Restate word for word the lines of the entries below, starting with the line that holds "user: text: You" and ending with the line that holds "GUI and world.", and no others.

◆ Data for processing
--------

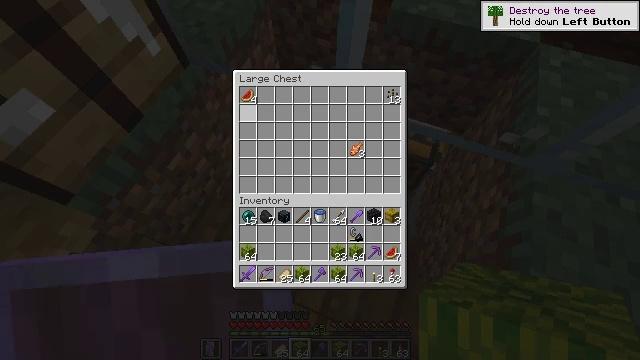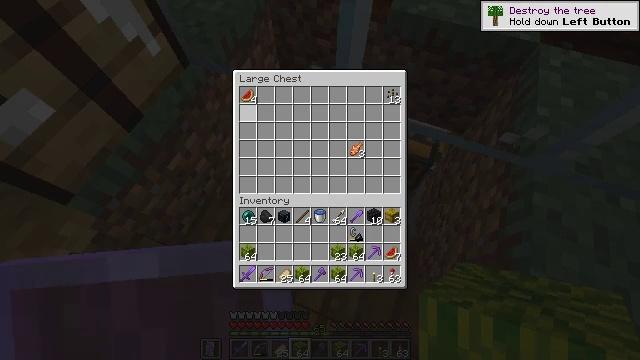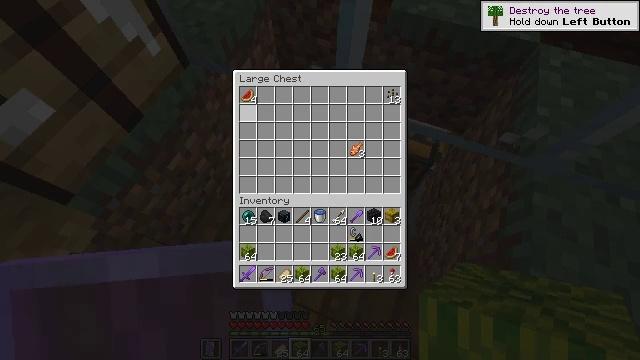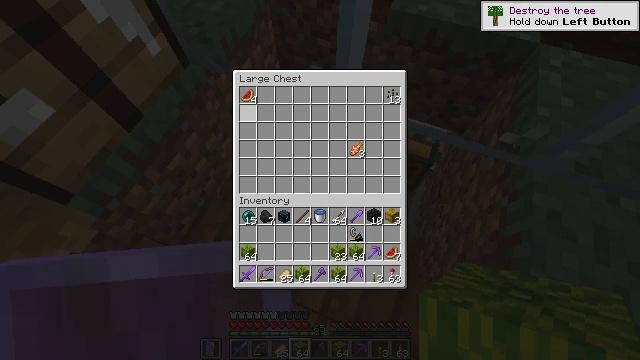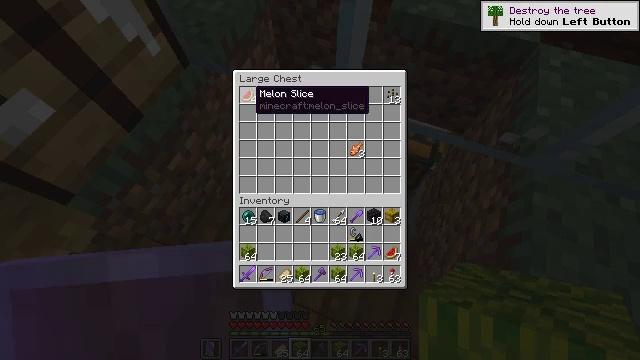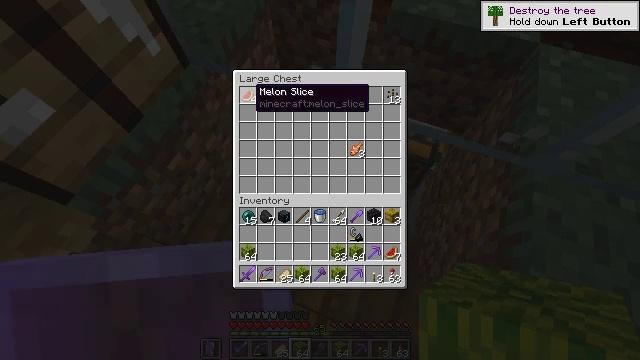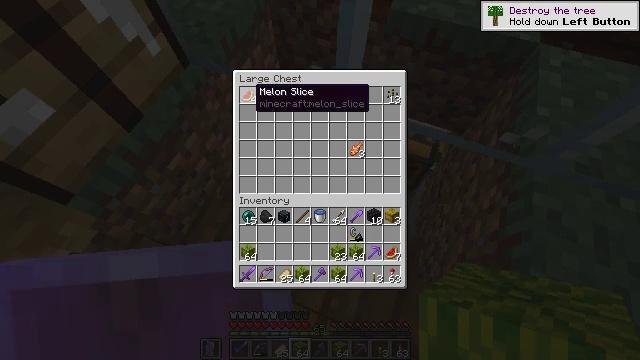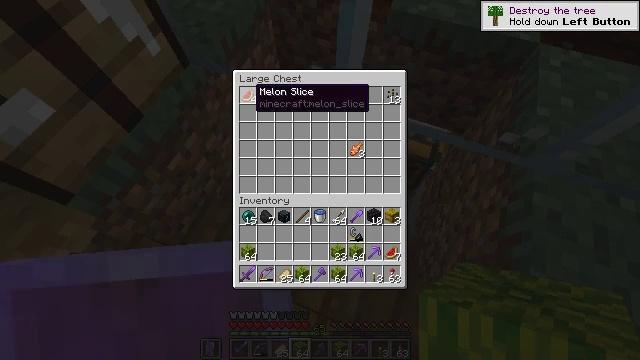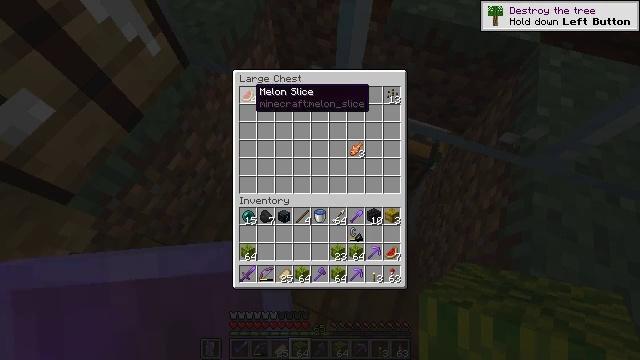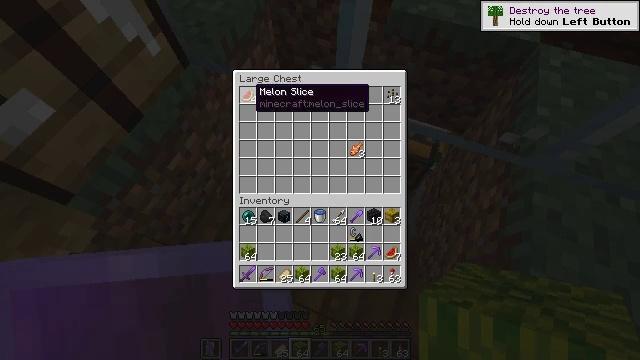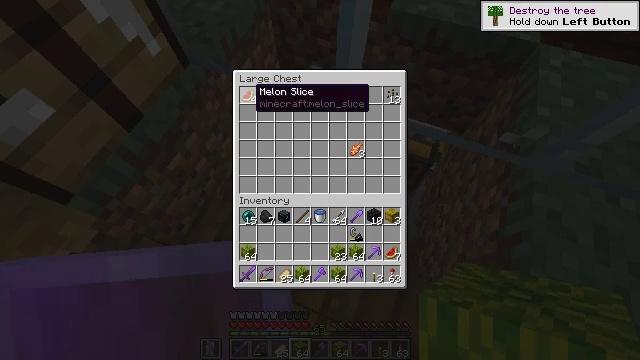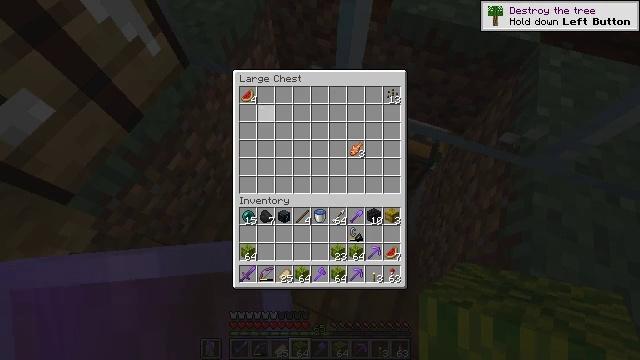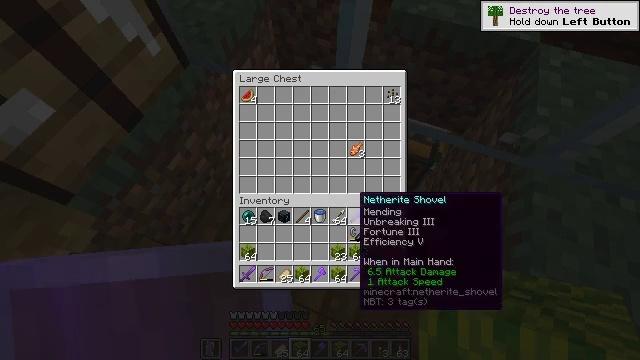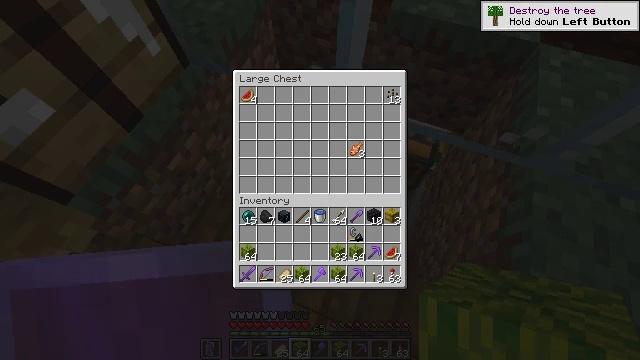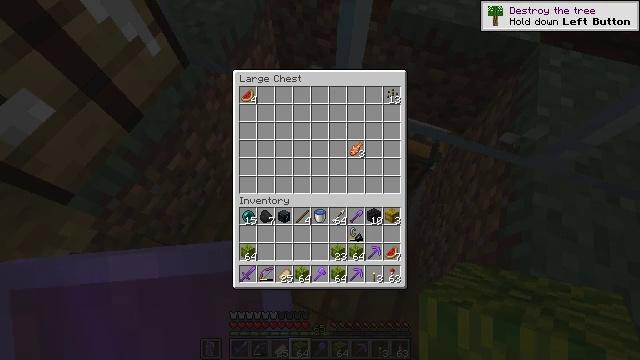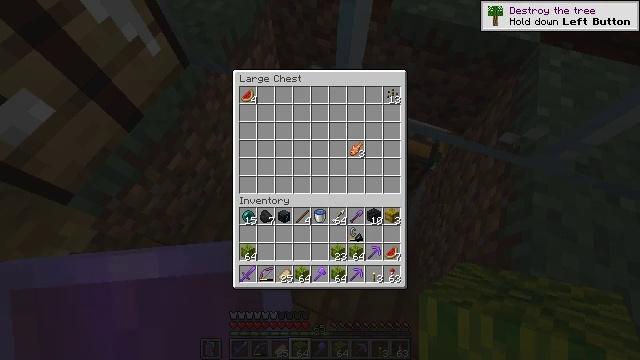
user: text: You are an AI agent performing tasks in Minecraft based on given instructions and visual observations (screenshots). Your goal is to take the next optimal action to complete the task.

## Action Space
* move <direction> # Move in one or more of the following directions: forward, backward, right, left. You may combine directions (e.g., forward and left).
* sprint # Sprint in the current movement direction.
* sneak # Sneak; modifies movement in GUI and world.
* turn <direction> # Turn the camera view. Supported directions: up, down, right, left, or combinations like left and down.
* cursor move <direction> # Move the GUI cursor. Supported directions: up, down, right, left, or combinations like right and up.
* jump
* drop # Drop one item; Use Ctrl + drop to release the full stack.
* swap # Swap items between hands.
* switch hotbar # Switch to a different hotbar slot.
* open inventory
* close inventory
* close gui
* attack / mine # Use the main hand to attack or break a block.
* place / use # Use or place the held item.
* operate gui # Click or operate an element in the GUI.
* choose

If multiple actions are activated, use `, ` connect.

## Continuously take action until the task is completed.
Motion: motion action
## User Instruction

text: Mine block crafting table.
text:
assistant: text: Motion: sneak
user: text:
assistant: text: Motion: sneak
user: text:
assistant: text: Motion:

--------

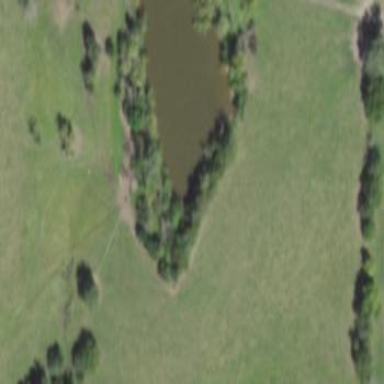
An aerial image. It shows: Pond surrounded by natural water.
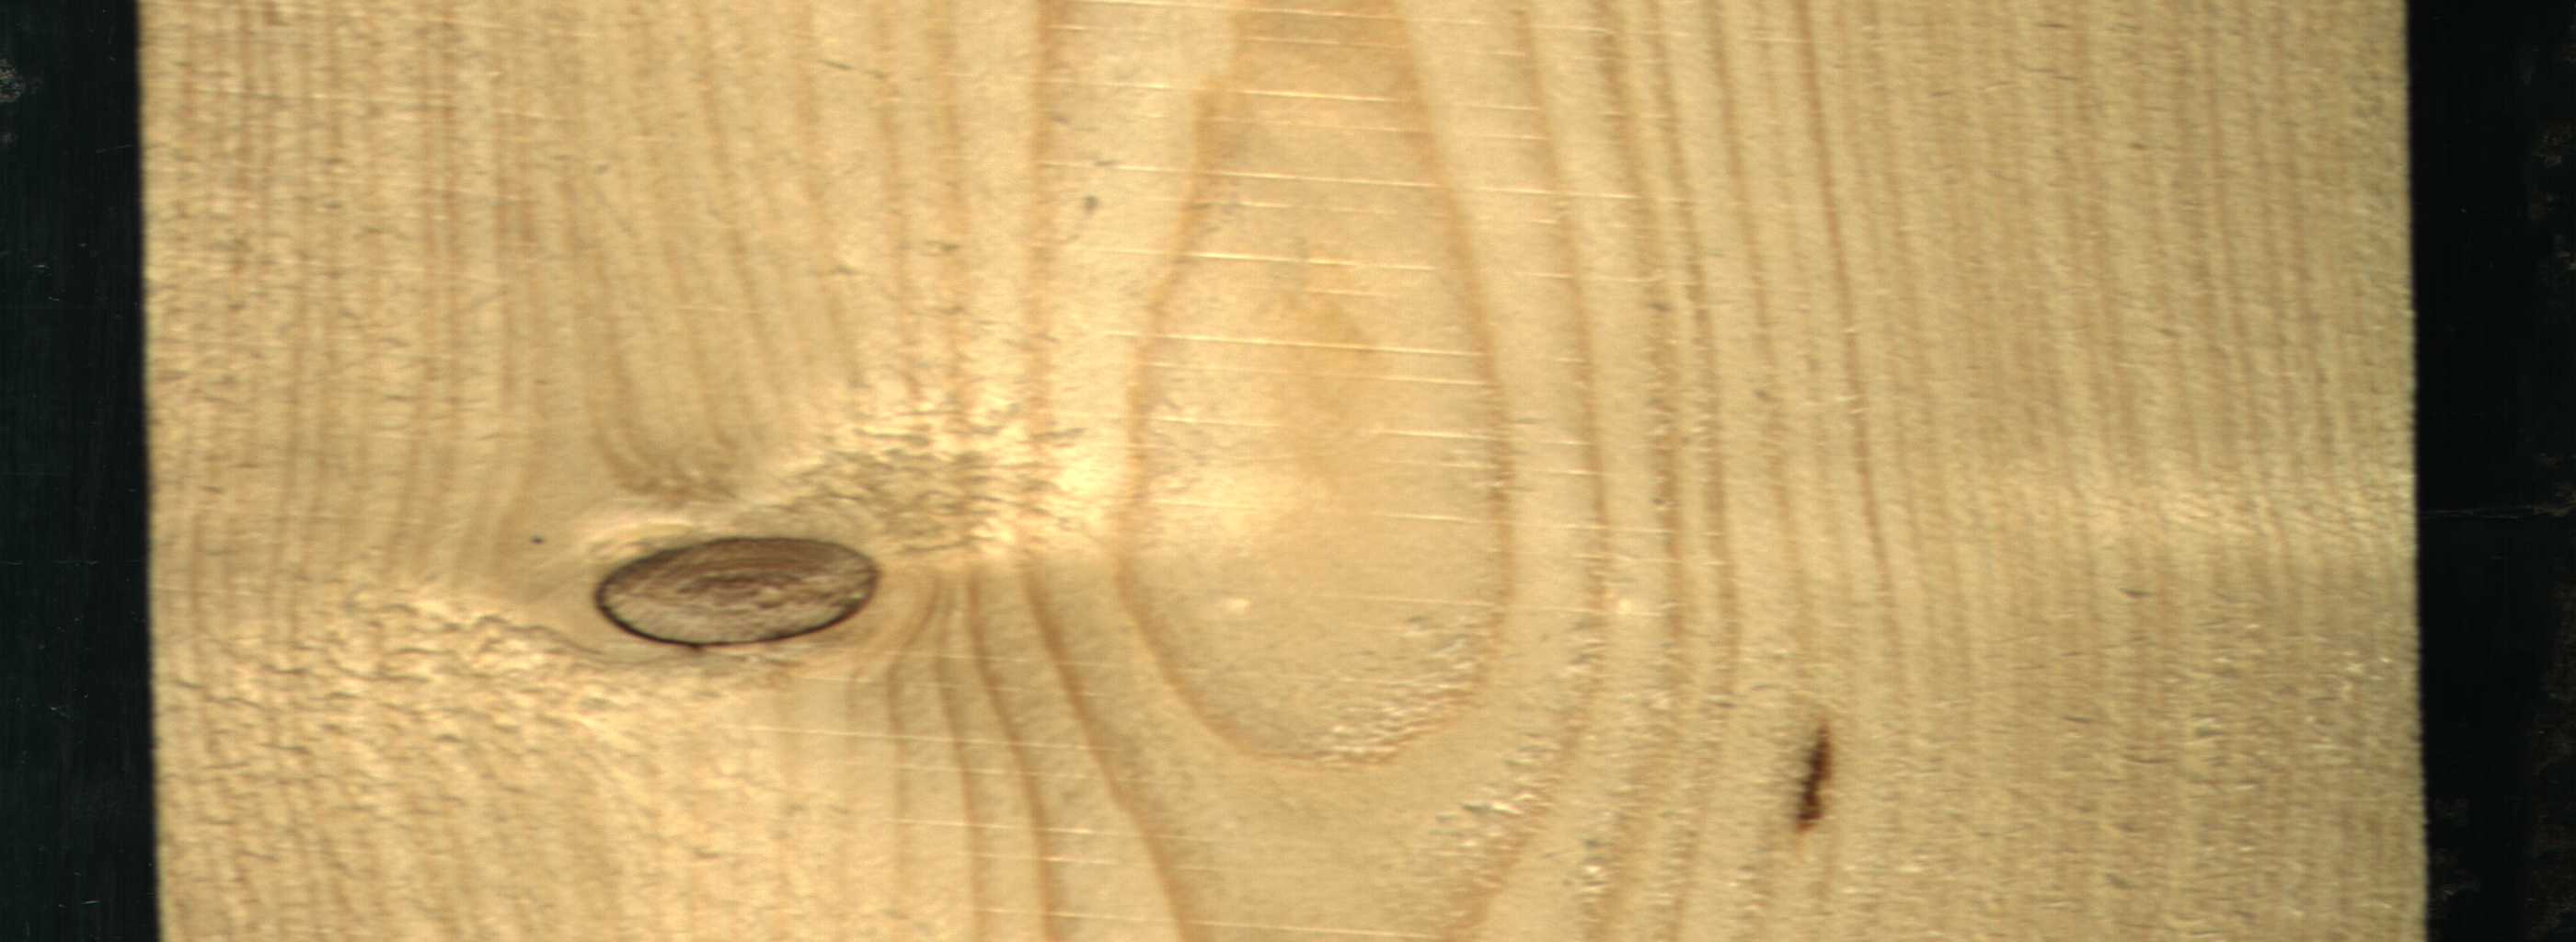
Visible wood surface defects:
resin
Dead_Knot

--------

◆ Solution to the problem
user: text: You are an AI agent performing tasks in Minecraft based on given instructions and visual observations (screenshots). Your goal is to take the next optimal action to complete the task.

## Action Space
* move <direction> # Move in one or more of the following directions: forward, backward, right, left. You may combine directions (e.g., forward and left).
* sprint # Sprint in the current movement direction.
* sneak # Sneak; modifies movement in GUI and world.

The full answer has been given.